NBC News a contacté plus de 20 entreprises qui ont annoncé qu’elles rembourseraient les employés qui devaient voyager hors de l’État pour recevoir des soins d’avortement. Nous avons demandé précisément comment les politiques seraient appliquées, qui serait couvert et si des systèmes étaient déjà en place.

Amazon, Meta, Disney, Warner Bros. Discovery, Apple, Bumble, la NBA et la WNBA, Zillow, Tesla, Starbucks et Airbnb n’ont pas répondu aux questions.

Dick’s Sporting Goods, CVS et Microsoft nous ont renvoyés à leurs déclarations publiées précédemment, qui ne répondaient pas aux questions.

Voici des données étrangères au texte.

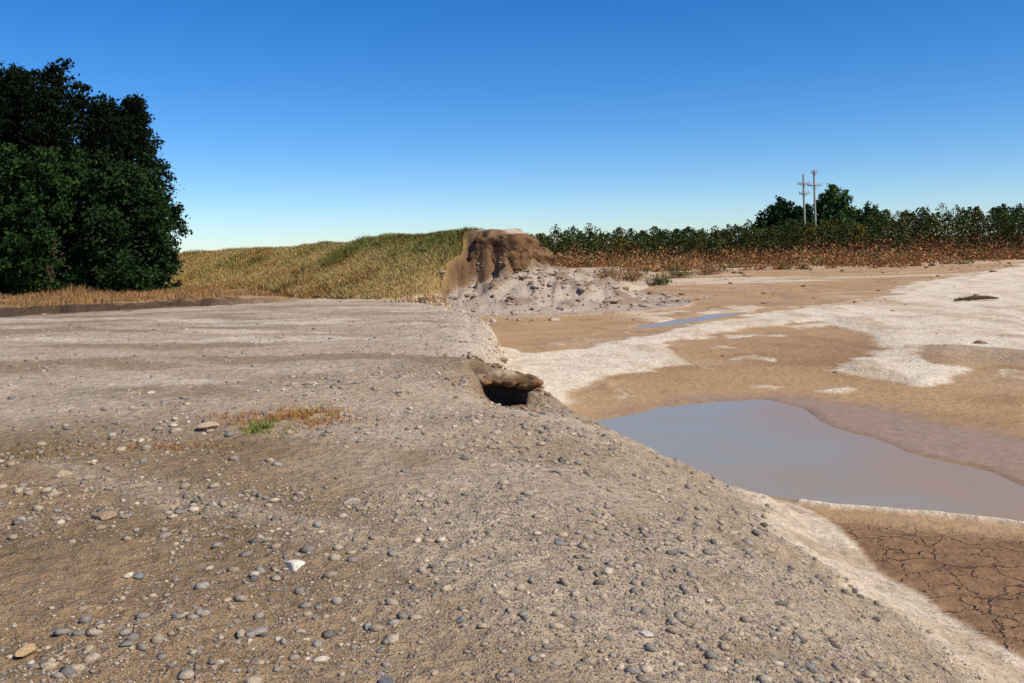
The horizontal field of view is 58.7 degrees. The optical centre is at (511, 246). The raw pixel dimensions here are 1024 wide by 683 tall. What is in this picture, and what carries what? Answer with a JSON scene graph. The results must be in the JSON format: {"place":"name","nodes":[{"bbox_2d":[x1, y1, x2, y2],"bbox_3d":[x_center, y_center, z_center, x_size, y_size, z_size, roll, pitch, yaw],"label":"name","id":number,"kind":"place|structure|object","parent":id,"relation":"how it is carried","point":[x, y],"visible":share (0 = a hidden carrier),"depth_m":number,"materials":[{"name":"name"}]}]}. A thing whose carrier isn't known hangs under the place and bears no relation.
{"place":"outdoors","nodes":[
{"label":"outdoors","id":0,"kind":"place"},
{"bbox_2d":[0,281,450,309],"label":"dry grass","id":1,"kind":"structure","parent":0,"point":[85,295],"depth_m":47.50,"materials":[{"name":"brown plant"}]},
{"bbox_2d":[0,228,1023,682],"bbox_3d":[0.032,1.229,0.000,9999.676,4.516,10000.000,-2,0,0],"label":"ground","id":2,"kind":"structure","parent":0,"point":[952,582],"depth_m":9.04,"materials":[{"name":"soil"}]},
{"bbox_2d":[0,184,35,295],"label":"willow tree","id":3,"kind":"object","parent":2,"relation":"on","point":[3,290],"visible":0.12,"depth_m":56.15,"materials":[{"name":"green plant"}]},
{"bbox_2d":[15,643,36,656],"bbox_3d":[-2.159,1.798,4.051,0.081,0.044,0.120,-2,0,30],"label":"stone","id":4,"kind":"object","parent":2,"relation":"on","point":[27,650],"visible":1,"depth_m":4.03,"materials":[{"name":"beige stone"}]},
{"bbox_2d":[0,62,79,292],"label":"poplar tree","id":5,"kind":"object","parent":2,"relation":"on","point":[21,71],"visible":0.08,"depth_m":59.94,"materials":[{"name":"green plant"}]},
{"bbox_2d":[0,57,117,285],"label":"poplar tree","id":6,"kind":"object","parent":2,"relation":"on","point":[55,117],"visible":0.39,"depth_m":59.32,"materials":[{"name":"green plant"}]},
{"bbox_2d":[51,469,72,477],"bbox_3d":[-3.562,1.796,7.188,0.153,0.078,0.165,-1,0,30],"label":"stone","id":7,"kind":"object","parent":2,"relation":"on","point":[59,473],"visible":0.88,"depth_m":7.15,"materials":[{"name":"beige stone"}]},
{"bbox_2d":[0,141,123,295],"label":"willow tree","id":8,"kind":"object","parent":2,"relation":"on","point":[57,185],"visible":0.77,"depth_m":55.68,"materials":[{"name":"green plant"}]},
{"bbox_2d":[0,433,124,475],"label":"weed clump","id":9,"kind":"object","parent":2,"relation":"on","point":[32,455],"visible":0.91,"depth_m":8.02,"materials":[{"name":"brown plant"}]},
{"bbox_2d":[7,475,151,499],"bbox_3d":[-3.243,1.788,6.827,1.016,0.065,1.024,-1,0,-31],"label":"weed clump","id":10,"kind":"object","parent":2,"relation":"on","point":[81,484],"visible":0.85,"depth_m":6.94,"materials":[{"name":"brown plant"}]},
{"bbox_2d":[93,510,116,520],"bbox_3d":[-2.704,1.788,6.050,0.167,0.059,0.114,-2,0,37],"label":"stone","id":11,"kind":"object","parent":2,"relation":"on","point":[104,515],"visible":1,"depth_m":6.02,"materials":[{"name":"beige stone"}]},
{"bbox_2d":[65,145,192,292],"bbox_3d":[-24.609,-1.642,57.839,7.635,9.330,8.284,-2,0,0],"label":"willow tree","id":12,"kind":"object","parent":2,"relation":"on","point":[134,192],"visible":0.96,"depth_m":56.78,"materials":[{"name":"green plant"}]},
{"bbox_2d":[71,90,186,282],"bbox_3d":[-26.895,-3.735,62.795,8.716,13.839,8.037,-2,0,0],"label":"poplar tree","id":13,"kind":"object","parent":2,"relation":"on","point":[132,134],"visible":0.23,"depth_m":61.16,"materials":[{"name":"green plant"}]},
{"bbox_2d":[133,572,143,579],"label":"stone","id":14,"kind":"object","parent":2,"relation":"on","point":[139,576],"visible":1,"depth_m":4.97,"materials":[{"name":"grey stone"}]},
{"bbox_2d":[19,434,265,456],"bbox_3d":[-3.241,1.792,8.220,2.314,0.095,0.888,-2,0,0],"label":"weed clump","id":15,"kind":"object","parent":2,"relation":"on","point":[156,447],"visible":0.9,"depth_m":8.22,"materials":[{"name":"brown plant"}]},
{"bbox_2d":[196,421,219,429],"bbox_3d":[-2.991,1.780,8.990,0.118,0.103,0.258,-2,0,39],"label":"stone","id":16,"kind":"object","parent":2,"relation":"on","point":[209,425],"visible":0.91,"depth_m":8.95,"materials":[{"name":"beige stone"}]},
{"bbox_2d":[233,412,295,438],"bbox_3d":[-2.417,1.736,8.879,0.781,0.168,0.795,-2,0,0],"label":"weed clump","id":17,"kind":"object","parent":2,"relation":"on","point":[268,426],"visible":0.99,"depth_m":8.86,"materials":[{"name":"green plant"}]},
{"bbox_2d":[70,226,482,299],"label":"levee grass","id":18,"kind":"structure","parent":2,"relation":"on","point":[329,278],"depth_m":51.86,"materials":[{"name":"green plant"}]},
{"bbox_2d":[175,400,394,440],"bbox_3d":[-2.370,1.788,9.612,2.395,0.236,2.353,-2,0,0],"label":"weed clump","id":19,"kind":"object","parent":2,"relation":"on","point":[287,415],"visible":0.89,"depth_m":9.48,"materials":[{"name":"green plant"}]},
{"bbox_2d":[285,559,305,570],"bbox_3d":[-1.241,1.801,5.147,0.129,0.046,0.086,-1,0,22],"label":"stone","id":20,"kind":"object","parent":2,"relation":"on","point":[294,565],"visible":1,"depth_m":5.13,"materials":[{"name":"white stone"}]},
{"bbox_2d":[291,399,338,422],"bbox_3d":[-2.074,1.735,9.671,0.580,0.204,0.837,-2,0,0],"label":"weed clump","id":21,"kind":"object","parent":2,"relation":"on","point":[309,410],"visible":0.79,"depth_m":9.60,"materials":[{"name":"brown plant"}]},
{"bbox_2d":[343,498,359,503],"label":"stone","id":22,"kind":"object","parent":2,"relation":"on","point":[352,500],"visible":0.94,"depth_m":6.53,"materials":[{"name":"white stone"}]},
{"bbox_2d":[378,676,394,682],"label":"stone","id":23,"kind":"object","parent":2,"relation":"on","point":[386,679],"visible":1,"depth_m":3.80,"materials":[{"name":"grey stone"}]},
{"bbox_2d":[401,468,411,472],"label":"stone","id":24,"kind":"object","parent":2,"relation":"on","point":[406,470],"visible":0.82,"depth_m":7.38,"materials":[{"name":"grey stone"}]},
{"bbox_2d":[455,616,463,622],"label":"stone","id":25,"kind":"object","parent":2,"relation":"on","point":[459,619],"visible":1,"depth_m":4.49,"materials":[{"name":"grey stone"}]},
{"bbox_2d":[423,297,508,367],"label":"bank edge clods","id":26,"kind":"object","parent":2,"relation":"on","point":[503,359],"visible":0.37,"depth_m":26.91,"materials":[{"name":"grey soil"}]},
{"bbox_2d":[0,314,985,682],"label":"gravel stones","id":27,"kind":"object","parent":2,"relation":"on","point":[802,638],"visible":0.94,"depth_m":5.61,"materials":[{"name":"grey gravel"}]},
{"bbox_2d":[483,370,523,386],"bbox_3d":[-0.143,1.947,13.580,0.672,0.255,0.968,-2,0,0],"label":"bank overhang","id":28,"kind":"object","parent":2,"relation":"on","point":[510,378],"visible":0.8,"depth_m":13.24,"materials":[{"name":"soil"}]},
{"bbox_2d":[476,370,502,387],"bbox_3d":[-0.394,1.970,13.555,0.641,0.256,0.854,-2,0,0],"label":"bank overhang","id":29,"kind":"object","parent":28,"relation":"attached to","point":[496,374],"visible":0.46,"depth_m":13.32,"materials":[{"name":"soil"}]},
{"bbox_2d":[468,231,539,271],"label":"eroded bank","id":30,"kind":"structure","parent":2,"relation":"on","point":[516,248],"depth_m":48.10,"materials":[{"name":"brown soil"}]},
{"bbox_2d":[433,353,592,423],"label":"soil clods","id":31,"kind":"object","parent":2,"relation":"on","point":[499,365],"visible":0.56,"depth_m":12.82,"materials":[{"name":"brown soil"}]},
{"bbox_2d":[337,262,706,321],"bbox_3d":[5.534,1.937,55.546,13.031,2.624,36.765,-2,0,25],"label":"earth rubble","id":32,"kind":"object","parent":2,"relation":"on","point":[584,288],"visible":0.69,"depth_m":46.33,"materials":[{"name":"grey soil"}]},
{"bbox_2d":[505,374,543,389],"bbox_3d":[0.135,2.005,13.626,0.551,0.221,0.818,-2,0,-22],"label":"bank overhang","id":33,"kind":"object","parent":2,"relation":"on","point":[529,381],"visible":0.56,"depth_m":13.32,"materials":[{"name":"soil"}]},
{"bbox_2d":[532,246,554,266],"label":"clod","id":34,"kind":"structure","parent":2,"relation":"on","point":[543,255],"depth_m":49.19,"materials":[{"name":"brown soil"}]},
{"bbox_2d":[592,266,623,277],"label":"dry bush","id":35,"kind":"object","parent":2,"relation":"on","point":[605,271],"visible":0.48,"depth_m":71.81,"materials":[{"name":"beige plant"}]},
{"bbox_2d":[593,271,623,282],"bbox_3d":[6.298,2.144,60.076,2.235,1.160,1.628,-2,0,0],"label":"dry bush","id":36,"kind":"object","parent":2,"relation":"on","point":[601,275],"visible":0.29,"depth_m":59.88,"materials":[{"name":"beige plant"}]},
{"bbox_2d":[614,268,648,281],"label":"dry bush","id":37,"kind":"object","parent":2,"relation":"on","point":[628,276],"visible":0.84,"depth_m":65.79,"materials":[{"name":"beige plant"}]},
{"bbox_2d":[620,264,649,277],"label":"dry bush","id":38,"kind":"object","parent":2,"relation":"on","point":[641,270],"visible":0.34,"depth_m":75.95,"materials":[{"name":"beige plant"}]},
{"bbox_2d":[639,630,653,636],"bbox_3d":[0.677,1.931,4.544,0.068,0.028,0.056,-1,0,-36],"label":"stone","id":39,"kind":"object","parent":2,"relation":"on","point":[644,633],"visible":1,"depth_m":4.53,"materials":[{"name":"white stone"}]},
{"bbox_2d":[646,273,673,285],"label":"dry bush","id":40,"kind":"object","parent":2,"relation":"on","point":[658,281],"visible":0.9,"depth_m":68.79,"materials":[{"name":"green plant"}]},
{"bbox_2d":[658,263,695,278],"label":"dry bush","id":41,"kind":"object","parent":2,"relation":"on","point":[681,274],"visible":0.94,"depth_m":79.82,"materials":[{"name":"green plant"}]},
{"bbox_2d":[677,549,685,553],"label":"stone","id":42,"kind":"object","parent":2,"relation":"on","point":[682,551],"visible":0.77,"depth_m":6.19,"materials":[{"name":"grey stone"}]},
{"bbox_2d":[694,264,722,275],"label":"dry bush","id":43,"kind":"object","parent":2,"relation":"on","point":[710,271],"visible":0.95,"depth_m":83.84,"materials":[{"name":"beige plant"}]},
{"bbox_2d":[740,195,812,251],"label":"shade tree","id":44,"kind":"object","parent":2,"relation":"on","point":[779,211],"visible":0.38,"depth_m":152.99,"materials":[{"name":"green plant"}]},
{"bbox_2d":[530,203,1023,263],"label":"orchard trees","id":45,"kind":"object","parent":2,"relation":"on","point":[1003,222],"visible":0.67,"depth_m":116.09,"materials":[{"name":"green plant"}]},
{"bbox_2d":[539,226,1023,271],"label":"dead brush","id":46,"kind":"object","parent":2,"relation":"on","point":[874,258],"visible":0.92,"depth_m":104.80,"materials":[{"name":"brown plant"}]},
{"bbox_2d":[798,174,809,239],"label":"utility pole","id":47,"kind":"object","parent":2,"relation":"on","point":[804,196],"visible":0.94,"depth_m":149.85,"materials":[{"name":"grey wood"}]},
{"bbox_2d":[793,204,819,225],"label":"shade tree","id":48,"kind":"object","parent":2,"relation":"on","point":[808,212],"visible":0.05,"depth_m":156.98,"materials":[{"name":"green plant"}]},
{"bbox_2d":[804,662,816,673],"bbox_3d":[1.501,2.129,4.601,0.069,0.052,0.083,-2,0,0],"label":"stone","id":49,"kind":"object","parent":2,"relation":"on","point":[810,667],"visible":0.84,"depth_m":4.57,"materials":[{"name":"grey stone"}]},
{"bbox_2d":[807,169,821,237],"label":"utility pole","id":50,"kind":"object","parent":2,"relation":"on","point":[817,184],"visible":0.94,"depth_m":150.85,"materials":[{"name":"grey wood"}]},
{"bbox_2d":[627,262,1023,372],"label":"mud debris","id":51,"kind":"object","parent":2,"relation":"on","point":[975,342],"visible":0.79,"depth_m":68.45,"materials":[{"name":"brown soil"}]},
{"bbox_2d":[805,183,860,252],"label":"shade tree","id":52,"kind":"object","parent":2,"relation":"on","point":[831,203],"visible":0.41,"depth_m":154.16,"materials":[{"name":"green plant"}]},
{"bbox_2d":[852,201,895,249],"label":"shade tree","id":53,"kind":"object","parent":2,"relation":"on","point":[867,209],"visible":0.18,"depth_m":157.14,"materials":[{"name":"green plant"}]},
{"bbox_2d":[954,294,998,300],"bbox_3d":[22.452,2.451,44.101,2.141,0.289,0.736,-1,0,-18],"label":"driftwood log","id":54,"kind":"object","parent":2,"relation":"on","point":[974,297],"visible":1,"depth_m":43.99,"materials":[{"name":"brown wood"}]},
{"bbox_2d":[0,0,1023,252],"label":"sky","id":55,"kind":"structure","parent":0,"point":[280,123],"materials":[{"name":"blue"}]},
{"bbox_2d":[634,311,750,327],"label":"pond water","id":56,"kind":"structure","parent":0,"point":[680,321],"depth_m":39.15,"materials":[{"name":"grey liquid"}]},
{"bbox_2d":[597,399,1023,520],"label":"pond water","id":57,"kind":"structure","parent":0,"point":[773,448],"depth_m":13.71,"materials":[{"name":"grey liquid"}]}
]}

Le porte-parole de Netflix, Bao Nguyen, a déclaré que sa politique serait disponible pour tous les employés à temps plein et avait été mise en place ces dernières semaines. Nguyen a déclaré que les employés utiliseraient leur assurance maladie pour recevoir un remboursement de voyage et n’auraient pas à divulguer la raison de leur congé.

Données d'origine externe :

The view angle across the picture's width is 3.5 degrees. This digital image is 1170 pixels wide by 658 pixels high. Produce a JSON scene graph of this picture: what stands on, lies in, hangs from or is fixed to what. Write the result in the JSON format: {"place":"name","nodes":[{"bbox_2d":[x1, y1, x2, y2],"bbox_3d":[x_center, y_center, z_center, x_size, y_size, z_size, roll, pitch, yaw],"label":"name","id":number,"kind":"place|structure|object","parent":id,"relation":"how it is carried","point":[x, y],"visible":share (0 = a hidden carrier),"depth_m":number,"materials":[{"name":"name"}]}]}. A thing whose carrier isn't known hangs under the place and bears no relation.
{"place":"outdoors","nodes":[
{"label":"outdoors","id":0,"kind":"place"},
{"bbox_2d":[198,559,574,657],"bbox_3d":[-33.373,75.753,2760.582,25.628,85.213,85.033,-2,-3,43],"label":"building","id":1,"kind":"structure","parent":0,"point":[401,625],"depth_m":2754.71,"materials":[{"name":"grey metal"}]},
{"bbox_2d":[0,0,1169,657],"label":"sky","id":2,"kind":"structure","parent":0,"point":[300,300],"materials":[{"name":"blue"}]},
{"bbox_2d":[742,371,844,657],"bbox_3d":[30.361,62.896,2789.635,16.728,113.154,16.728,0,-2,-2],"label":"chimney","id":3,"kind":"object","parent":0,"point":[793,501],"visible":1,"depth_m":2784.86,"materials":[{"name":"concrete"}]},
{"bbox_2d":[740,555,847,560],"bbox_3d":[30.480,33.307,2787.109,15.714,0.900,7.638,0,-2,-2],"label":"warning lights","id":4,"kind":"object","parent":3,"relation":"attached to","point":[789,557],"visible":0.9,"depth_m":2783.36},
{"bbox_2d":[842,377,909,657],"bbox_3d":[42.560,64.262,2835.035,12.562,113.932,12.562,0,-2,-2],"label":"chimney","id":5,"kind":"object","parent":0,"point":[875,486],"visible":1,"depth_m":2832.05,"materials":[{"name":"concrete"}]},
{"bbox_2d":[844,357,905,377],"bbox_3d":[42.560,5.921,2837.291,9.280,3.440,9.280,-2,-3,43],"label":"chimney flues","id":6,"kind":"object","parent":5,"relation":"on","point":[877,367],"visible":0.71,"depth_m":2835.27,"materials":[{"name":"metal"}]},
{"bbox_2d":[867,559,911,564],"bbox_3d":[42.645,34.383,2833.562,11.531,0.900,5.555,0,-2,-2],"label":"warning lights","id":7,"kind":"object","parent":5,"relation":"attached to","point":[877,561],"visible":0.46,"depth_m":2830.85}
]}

“Nous avons une politique de congés flexible, où les employés prennent les jours de congé dont ils ont besoin (au lieu d’avoir à soumettre une demande aux RH ou à leur responsable)”, a déclaré Nguyen.

Un porte-parole de H&M a déclaré que “le programme d’aide financière aux employés de la société est destiné aux employés américains éligibles qui peuvent résider dans un État qui restreint ou interdit les services d’avortement”.

Les employés à temps partiel et à temps plein sont éligibles, selon l’entreprise, et “les employés peuvent demander en toute confidentialité une aide financière d’urgence de ce fonds en postulant en ligne via un portail Web interne”.

LiveNation a également déclaré que ses procédures de demande de prestations resteraient confidentielles.

SAP, la société de logiciels dont le siège est en Allemagne et qui compte plus de 105 000 employés dans le monde, a présenté le plan le plus complet.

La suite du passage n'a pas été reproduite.